Language Conditioning Improves Accuracy of Aircraft Goal Prediction in Non-Towered Airspace
Sundhar Vinodh Sangeetha, Chih-Yuan Chiu, Sarah H.Q. Li, Shreyas Kousik
AI summary
Problem
Autonomous aircraft lack the ability to interpret unstructured human pilot radio calls in non-towered airspace, causing current conflict avoidance systems to miss critical intent information and operate unsafely.
Approach
The framework transcribes and interprets pilot radio calls into discrete intent labels using speech-to-text and large language models, then fuses these labels with observed flight trajectories to condition a temporal convolutional network and Gaussian mixture model for probabilistic goal prediction.
Key results
- Accurate ASR and speaker identification for non-towered CTAF calls
- Discrete intent extraction from unstructured radio communications
- Multimodal goal prediction framework fusing trajectory and language
- Significantly reduced goal prediction error on real-world non-towered data
Why it matters
Enables safer mixed human-autonomy operations in non-towered airspace by allowing autonomous aircraft to interpret and act on critical pilot intent.
Abstract
Autonomous aircraft must safely operate in non- towered airspace, where coordination relies on voice-based communication among human pilots. Safe operation requires an aircraft to predict the intent, and corresponding goal location, of other aircraft. This paper introduces a multimodal framework for aircraft goal prediction that integrates natural language understanding with spatial reasoning to improve autonomous decision-making in such environments.
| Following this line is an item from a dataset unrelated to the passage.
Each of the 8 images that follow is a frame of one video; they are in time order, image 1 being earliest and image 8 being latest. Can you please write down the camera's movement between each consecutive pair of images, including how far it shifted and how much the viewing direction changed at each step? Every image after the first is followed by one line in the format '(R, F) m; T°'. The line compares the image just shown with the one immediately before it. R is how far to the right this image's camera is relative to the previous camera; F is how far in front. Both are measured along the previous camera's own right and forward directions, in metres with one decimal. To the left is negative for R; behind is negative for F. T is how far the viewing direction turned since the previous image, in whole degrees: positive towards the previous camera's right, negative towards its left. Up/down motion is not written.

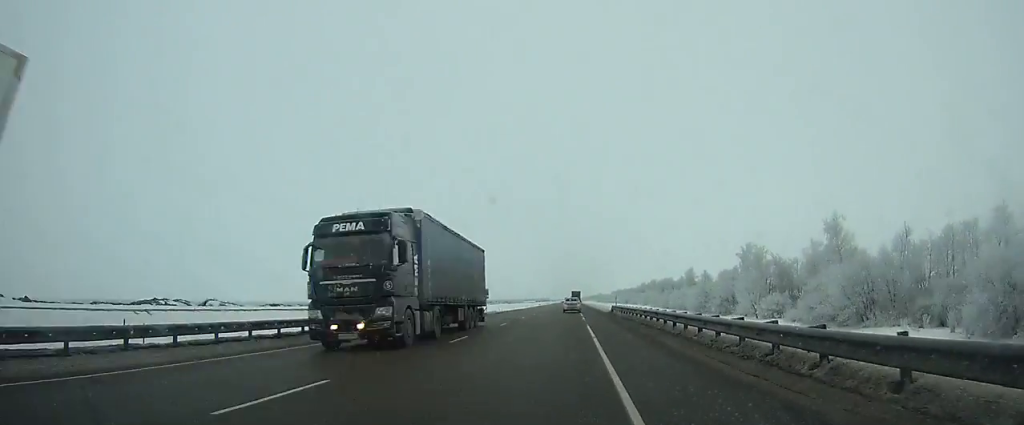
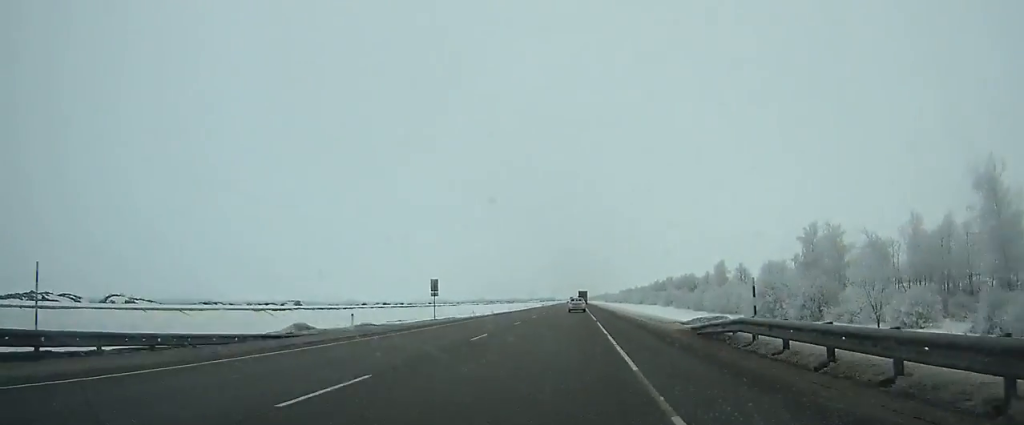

We leverage automatic speech recognition and large language models to transcribe and interpret pilot radio calls, identify aircraft, and extract discrete intent labels. These intent labels are fused with observed trajectories to condition a temporal convolutional network and Gaussian mixture model for probabilistic goal prediction. Our method significantly reduces goal prediction error compared to baselines that rely solely on motion history, demonstrating that language-conditioned prediction increases prediction accuracy. Experiments on a real-world dataset from a non-towered airport validate the approach and highlight its potential to enable socially aware, language-conditioned robotic motion planning.